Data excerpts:

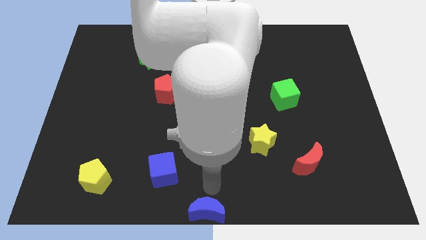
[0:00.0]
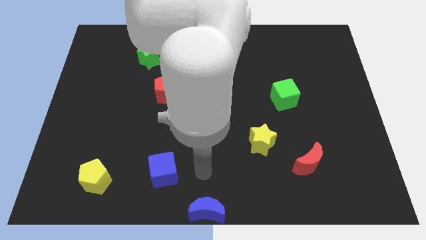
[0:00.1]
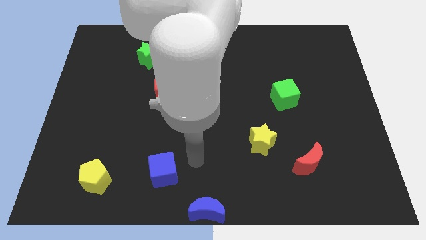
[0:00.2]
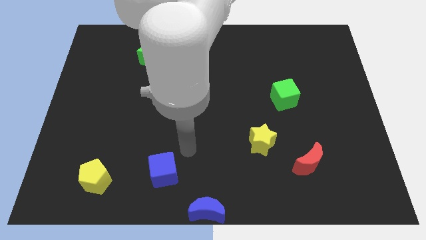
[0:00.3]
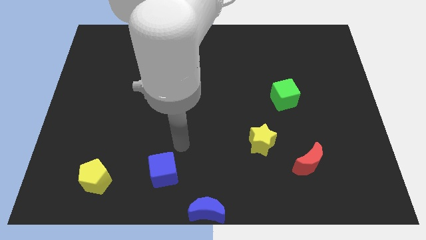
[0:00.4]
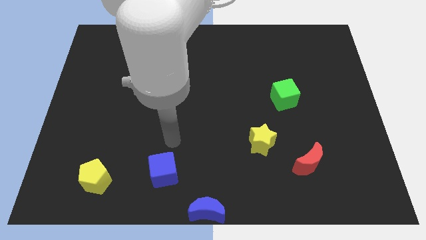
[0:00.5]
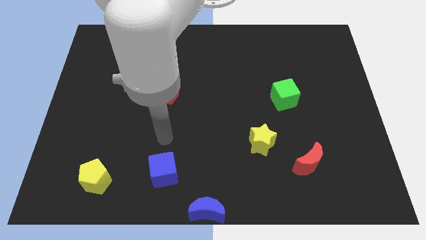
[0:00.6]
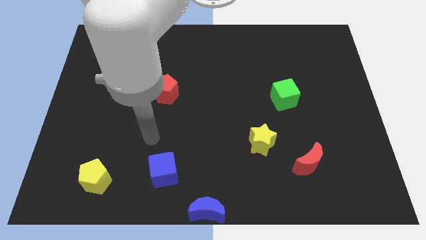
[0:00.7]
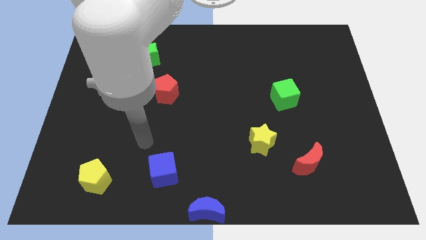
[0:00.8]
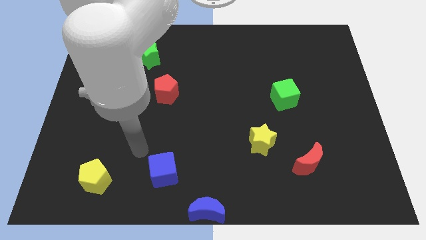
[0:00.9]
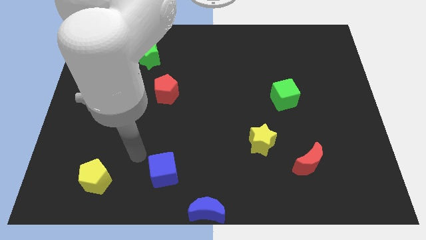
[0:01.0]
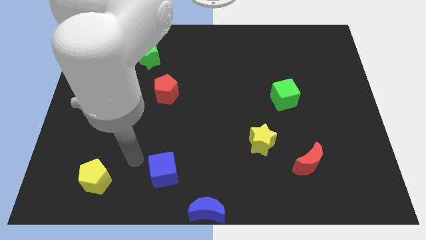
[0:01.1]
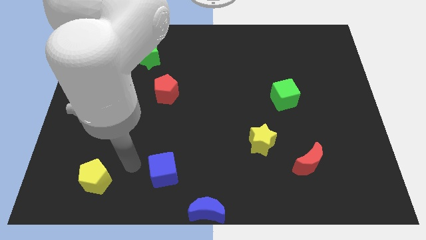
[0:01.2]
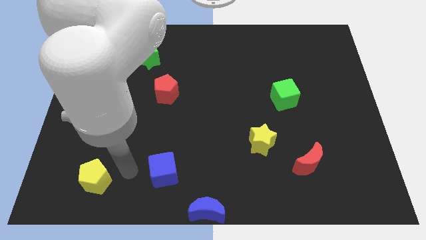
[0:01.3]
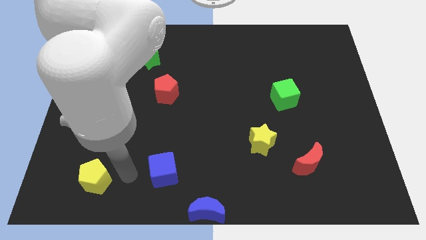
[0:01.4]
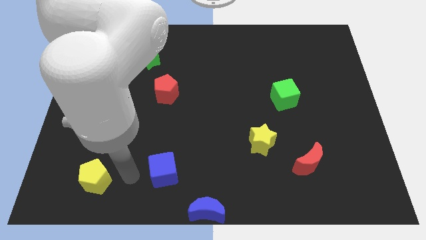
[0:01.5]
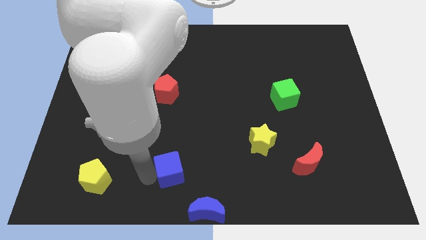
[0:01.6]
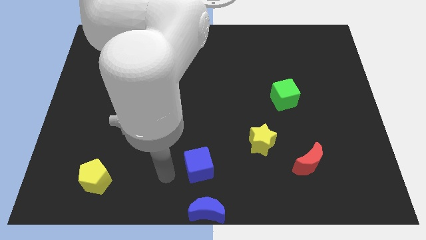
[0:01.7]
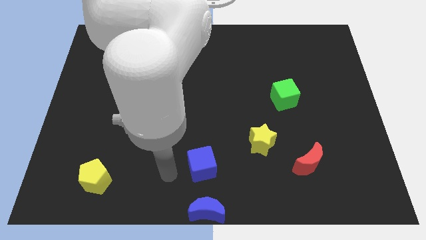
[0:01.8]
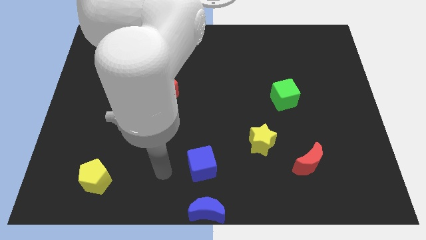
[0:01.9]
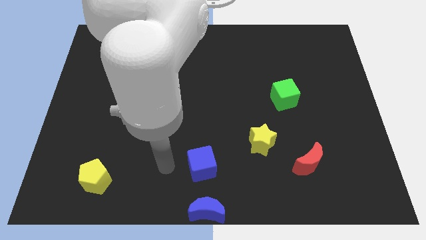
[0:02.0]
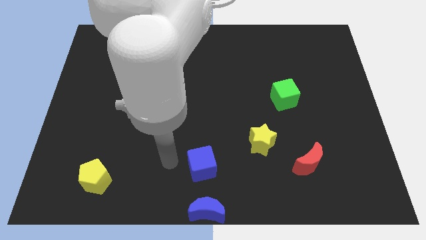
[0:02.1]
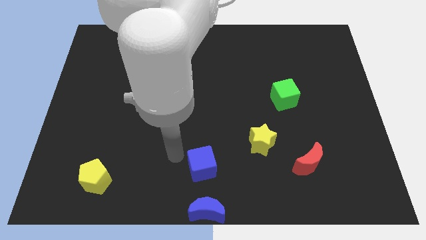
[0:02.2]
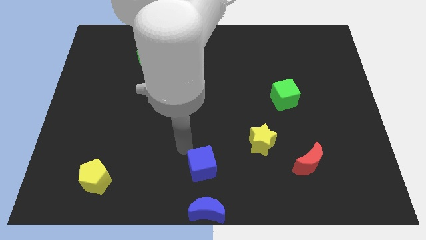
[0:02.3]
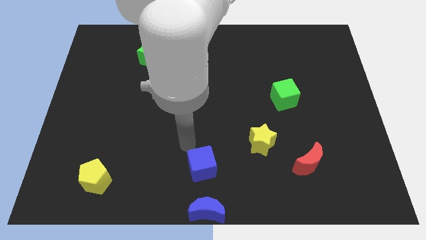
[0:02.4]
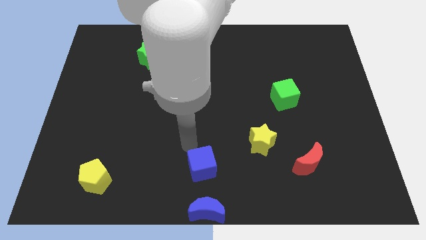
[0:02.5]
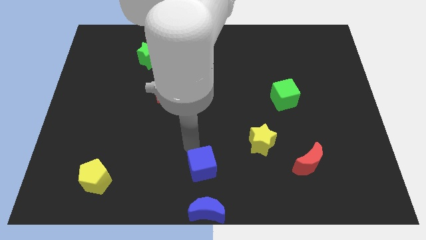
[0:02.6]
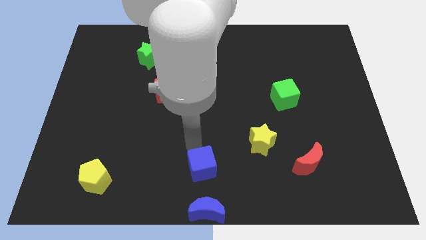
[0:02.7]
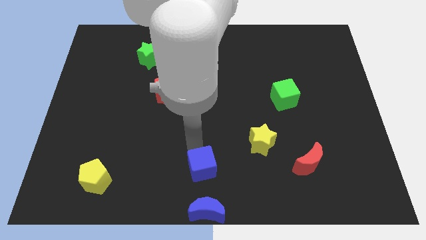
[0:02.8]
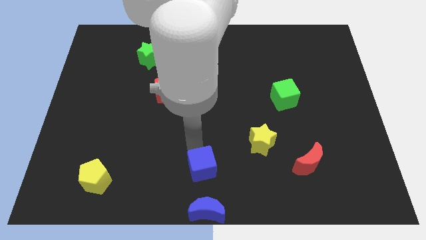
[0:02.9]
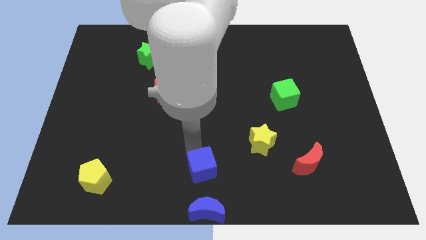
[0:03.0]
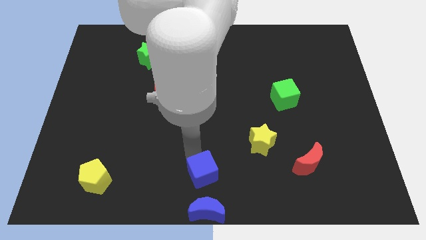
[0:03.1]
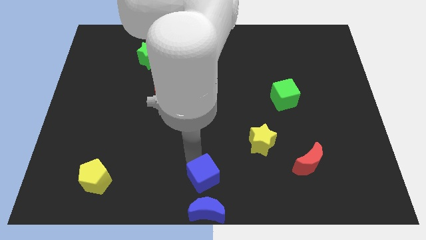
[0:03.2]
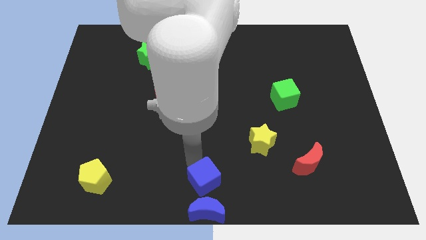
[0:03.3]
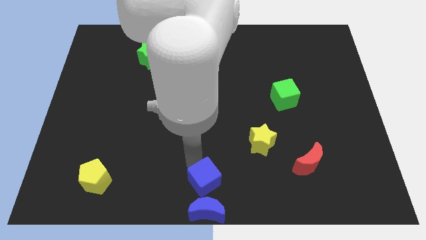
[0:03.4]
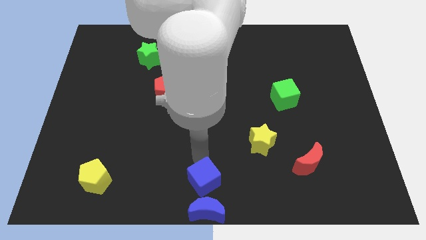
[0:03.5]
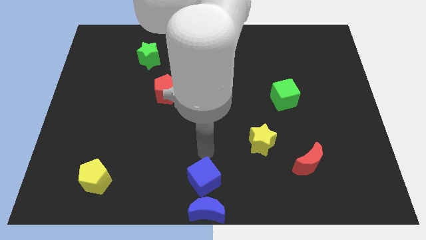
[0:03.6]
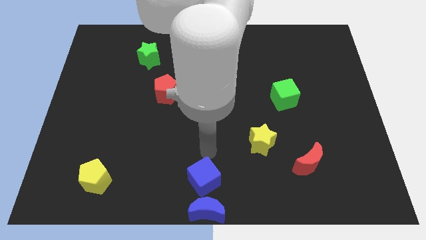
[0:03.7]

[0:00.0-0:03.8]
push the blue cube to the top of the blue crescent

* Task goal:
Repeat the preceding records exactly but drop the images.

* Solution to the exercise:
[0:00.0]
[0:00.1]
[0:00.2]
[0:00.3]
[0:00.4]
[0:00.5]
[0:00.6]
[0:00.7]
[0:00.8]
[0:00.9]
[0:01.0]
[0:01.1]
[0:01.2]
[0:01.3]
[0:01.4]
[0:01.5]
[0:01.6]
[0:01.7]
[0:01.8]
[0:01.9]
[0:02.0]
[0:02.1]
[0:02.2]
[0:02.3]
[0:02.4]
[0:02.5]
[0:02.6]
[0:02.7]
[0:02.8]
[0:02.9]
[0:03.0]
[0:03.1]
[0:03.2]
[0:03.3]
[0:03.4]
[0:03.5]
[0:03.6]
[0:03.7]

[0:00.0-0:03.8]
push the blue cube to the top of the blue crescent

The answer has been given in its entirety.